— Task —
Please print out the entries below unchanged and skip the images.

Stored dataset items:
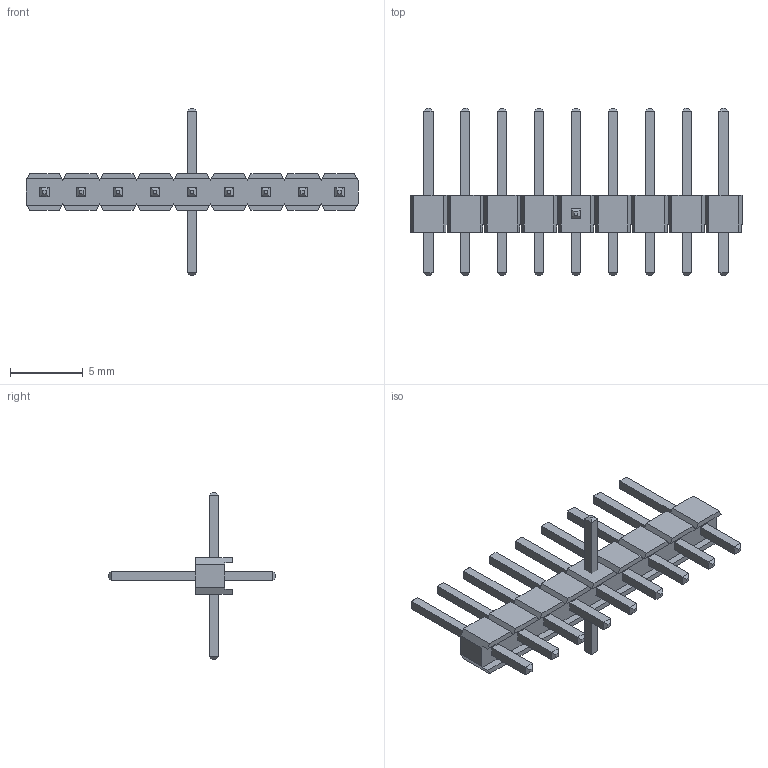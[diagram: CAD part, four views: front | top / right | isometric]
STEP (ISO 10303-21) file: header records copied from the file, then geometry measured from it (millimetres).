
FILE_DESCRIPTION( ( 'Unknown' ), '1' );
FILE_NAME( '61100911121.stp', 'Unknown', ( 'Unknown' ), ( 'Unknown' ), 'PSStep 14.0', 'Unknown', ' ' );
FILE_SCHEMA( ( 'AUTOMOTIVE_DESIGN { 1 0 10303 214 1 1 1 1 }' ) );
Length unit declared in the file: millimetre
Products named in the file (3): Assem1; 6130xx11121_PIN; 61300911121
Bounding box: 22.86 x 11.54 x 11.54 mm (x, y, z)
Volume: 274 mm3; surface area: 938.3 mm2
Topology: 12 solids, 12 shells, 400 faces, 1048 edges, 672 vertices
Faces by surface type: plane 400
Entity records: 5870 total; most frequent: CARTESIAN_POINT 839, ORIENTED_EDGE 824, DIRECTION 722, EDGE_CURVE 412, LINE 412, VECTOR 412, VERTEX_POINT 272, EDGE_LOOP 162

— Written response —
[diagram: CAD part, four views: front | top / right | isometric]
STEP (ISO 10303-21) file: header records copied from the file, then geometry measured from it (millimetres).
FILE_DESCRIPTION( ( 'Unknown' ), '1' );
FILE_NAME( '61100911121.stp', 'Unknown', ( 'Unknown' ), ( 'Unknown' ), 'PSStep 14.0', 'Unknown', ' ' );
FILE_SCHEMA( ( 'AUTOMOTIVE_DESIGN { 1 0 10303 214 1 1 1 1 }' ) );
Length unit declared in the file: millimetre
Products named in the file (3): Assem1; 6130xx11121_PIN; 61300911121
Bounding box: 22.86 x 11.54 x 11.54 mm (x, y, z)
Volume: 274 mm3; surface area: 938.3 mm2
Topology: 12 solids, 12 shells, 400 faces, 1048 edges, 672 vertices
Faces by surface type: plane 400
Entity records: 5870 total; most frequent: CARTESIAN_POINT 839, ORIENTED_EDGE 824, DIRECTION 722, EDGE_CURVE 412, LINE 412, VECTOR 412, VERTEX_POINT 272, EDGE_LOOP 162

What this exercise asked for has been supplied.